The 2020 season cancellations have undoubtedly had a negative impact on Hereford, but as racing resumes back to something resembling normal, the course will have the opportunity to build back its reputation and calendar to boost its profile in the British horseracing industry. It has already defaulted to its place as a track for emerging talent, and as this continues, so too will its standing in the community.
Hereford Racecourse Map
How To Get To Hereford Racecourse
The main approach to Hereford Racecourse by road is the A49, and ample free parking is available on racedays. The course is easy walking distance from Hereford town centre, so many attendees choose to travel into Hereford and walk out.
The Hereford rail station sits on the mainline from London Paddington and South Wales, as well as regular connections from Manchester, Birmingham and Cardiff. There’s no need to get a bus to the racecourse as its so close to the town centre, but long-haul coaches (National Express and others) from a variety of destinations can be caught into Hereford itself.
Helicopters may land at Hereford Racecourse with prior permission, on racedays only.
Hotels near Hereford Racecourse
The closest hotel to Hereford Racecourse is the Premier Inn Hereford Holmer Hotel, a roadside accommodation option along the A49. It’s a low-cost option with basic rooms, but for more options, racegoers can stay in Hereford town centre.
Hotels in the town centre include Kidwells House (a four-star B&B but a little dated), Aylestone Court Hotel (a three-star hotel with a boutique feel), No. 21 (a four-star Tudor-themed B&B) and The Merton Hotel (a three-star budget option with basic amenities).

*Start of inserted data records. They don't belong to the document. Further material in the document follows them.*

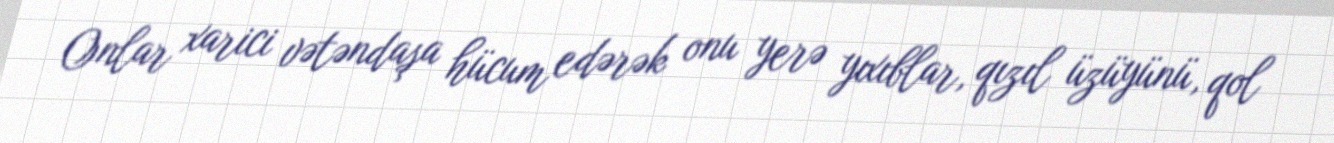
Onlar xarici vətəndaşa hücum edərək onu yerə yıxıblar, qızıl üzüyünü, qol
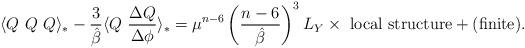
LaTeX: \begin{align*}\langle Q~Q~Q\rangle_* -\frac{3}{\hat{\beta}}\langle Q~\frac{\Delta Q}{\Delta\phi }\rangle_* =\mu ^{n-6}\left( \frac{n-6}{\hat{\beta}}\right)^{3}L_{Y}\times \ {\rm local\ structure}+({\rm finite}) .\end{align*}
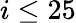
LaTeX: i\le 25
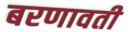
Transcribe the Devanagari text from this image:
बरणावती
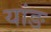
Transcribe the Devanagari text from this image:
यांङ
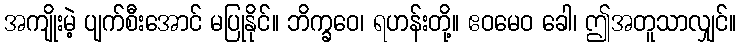
အကျိုးမဲ့ ပျက်စီးအောင် မပြုနိုင်။ ဘိက္ခဝေ၊ ရဟန်းတို့။ ဧဝမေဝ ခေါ၊ ဤအတူသာလျှင်။
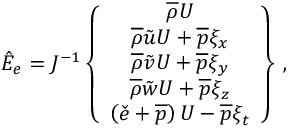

Betting Shops Local to Hereford Racecourse
Hereford Racecourse has a variety of betting options, dependent on the enclosure racegoers are based within. A traditional betting shop sits in the main grandstand, with Totepool kiosks throughout all and independent bookies trackside. Hospitality suites and boxes have table service for betting as well as separate private kiosks and concierge.
A branch of Coral is situated at the end of the road the racecourse sits on, and in Hereford town centre, all the usual brand names can be found: Betfred, Megabet, Paddy Power and William Hill. Coral is particularly popular in Hereford, so you can expect to find a few of them!
As Hereford Racecourse looks to find its place in the British racing scene, the venue has begun to host a variety of non-racing events alongside their blossoming horseracing fixture list. So far, these have included hot air balloon flights, themed Christmas parties, funerals, wakes and weddings.